- **Source material**
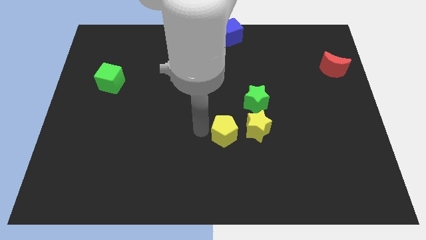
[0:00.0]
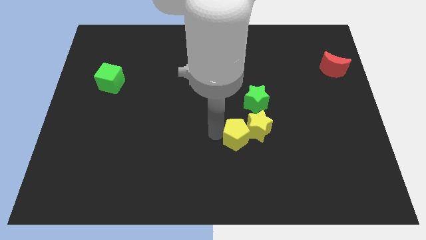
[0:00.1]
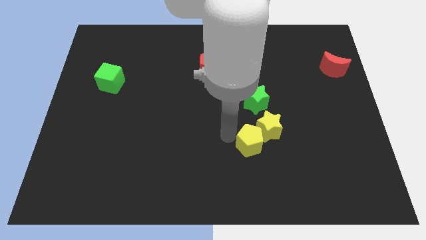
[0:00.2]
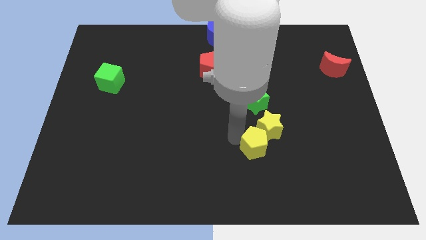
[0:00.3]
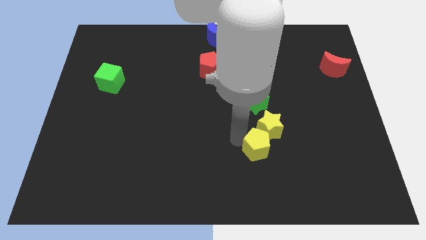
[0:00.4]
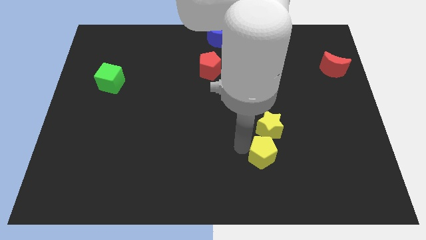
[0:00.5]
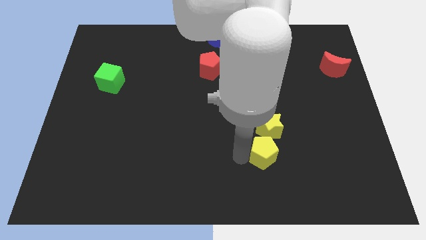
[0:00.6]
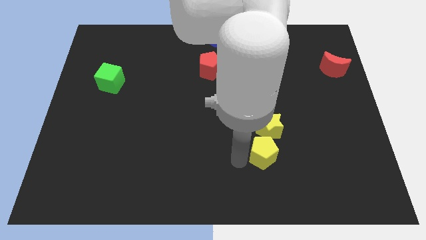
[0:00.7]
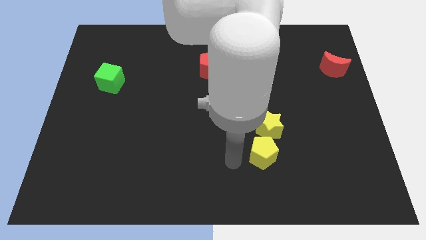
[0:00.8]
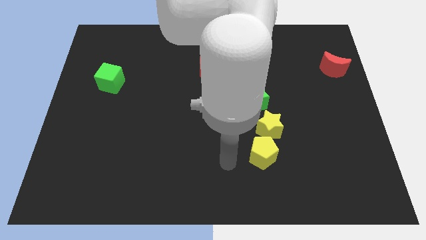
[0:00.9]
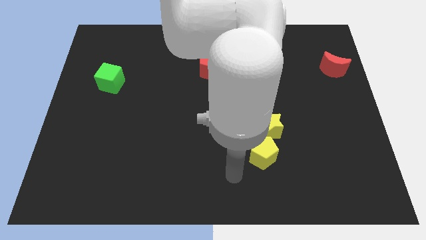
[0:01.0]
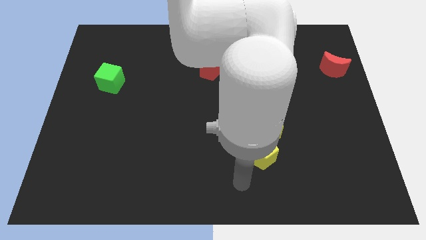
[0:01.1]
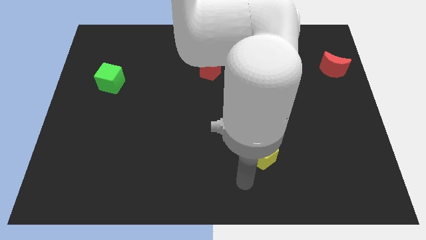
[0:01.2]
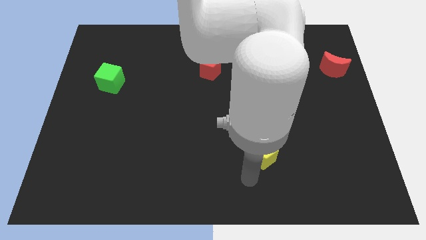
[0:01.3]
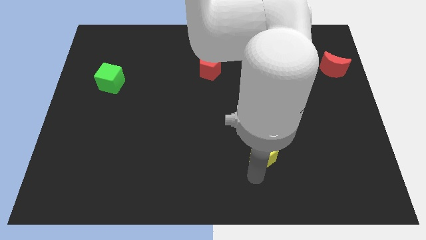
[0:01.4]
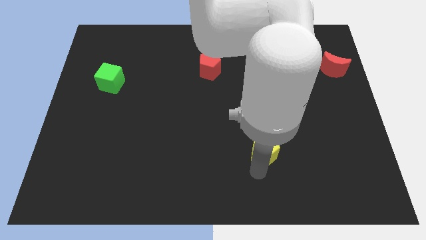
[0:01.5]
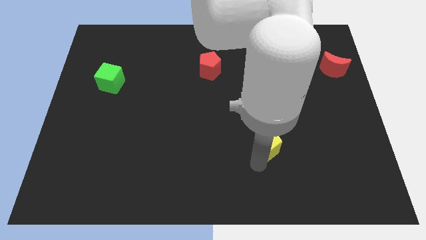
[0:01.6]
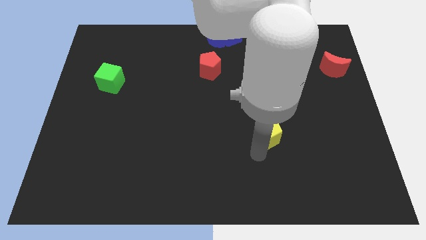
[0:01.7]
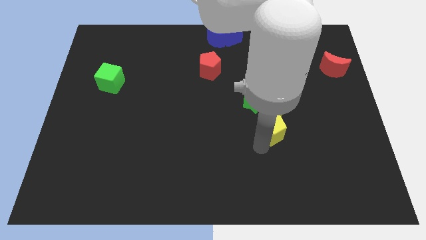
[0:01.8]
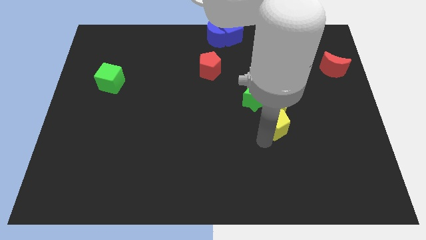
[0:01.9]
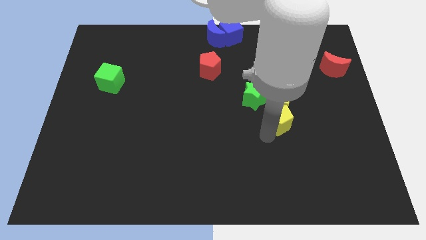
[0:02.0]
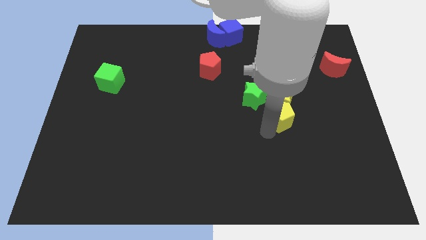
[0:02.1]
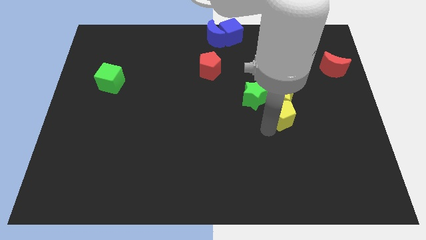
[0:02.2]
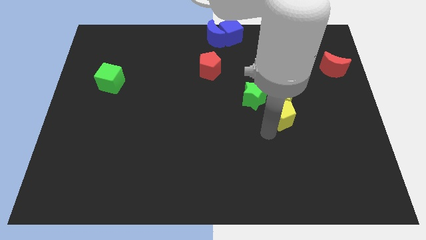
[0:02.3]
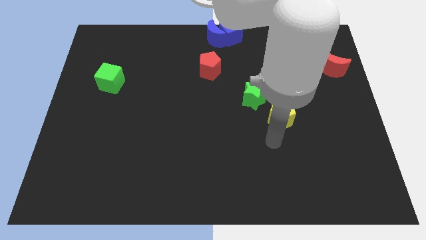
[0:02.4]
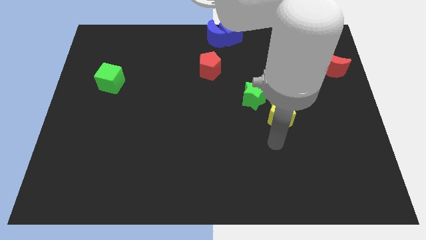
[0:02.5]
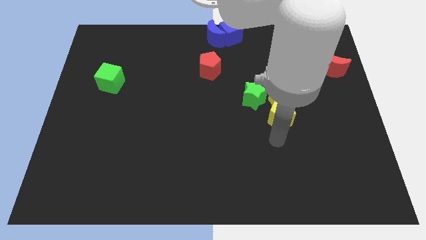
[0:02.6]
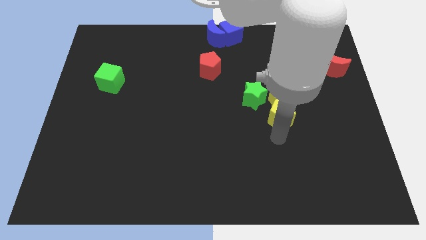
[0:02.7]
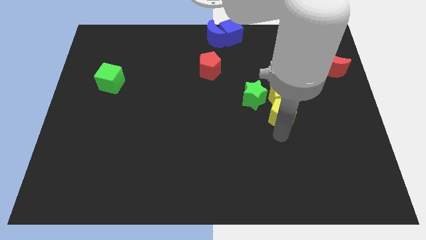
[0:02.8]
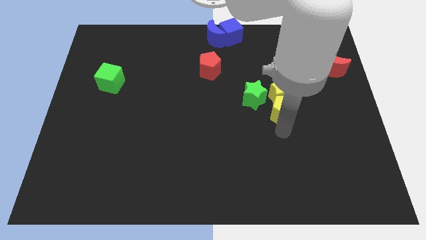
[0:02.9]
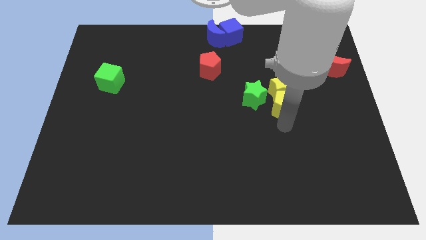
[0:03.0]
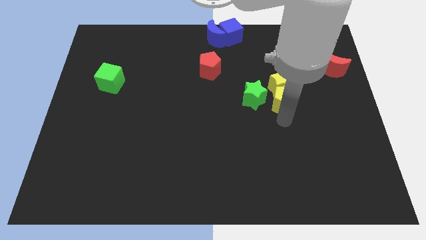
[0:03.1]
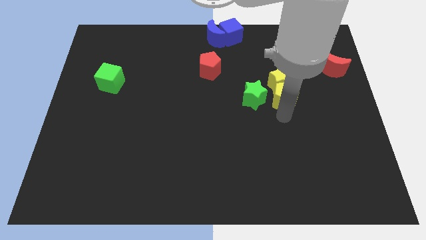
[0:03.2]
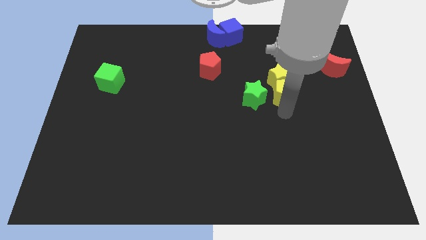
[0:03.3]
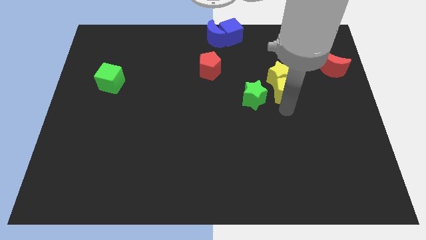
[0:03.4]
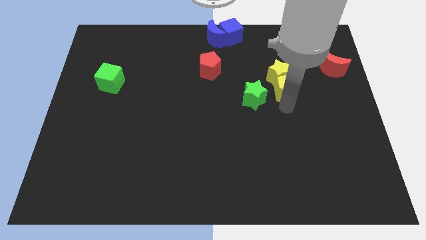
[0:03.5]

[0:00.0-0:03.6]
move the yellow blocks to the right side of the green star

- **Aim of the task**
Output the entries verbatim but drop the images.

- **Exercise answer**
[0:00.0]
[0:00.1]
[0:00.2]
[0:00.3]
[0:00.4]
[0:00.5]
[0:00.6]
[0:00.7]
[0:00.8]
[0:00.9]
[0:01.0]
[0:01.1]
[0:01.2]
[0:01.3]
[0:01.4]
[0:01.5]
[0:01.6]
[0:01.7]
[0:01.8]
[0:01.9]
[0:02.0]
[0:02.1]
[0:02.2]
[0:02.3]
[0:02.4]
[0:02.5]
[0:02.6]
[0:02.7]
[0:02.8]
[0:02.9]
[0:03.0]
[0:03.1]
[0:03.2]
[0:03.3]
[0:03.4]
[0:03.5]

[0:00.0-0:03.6]
move the yellow blocks to the right side of the green star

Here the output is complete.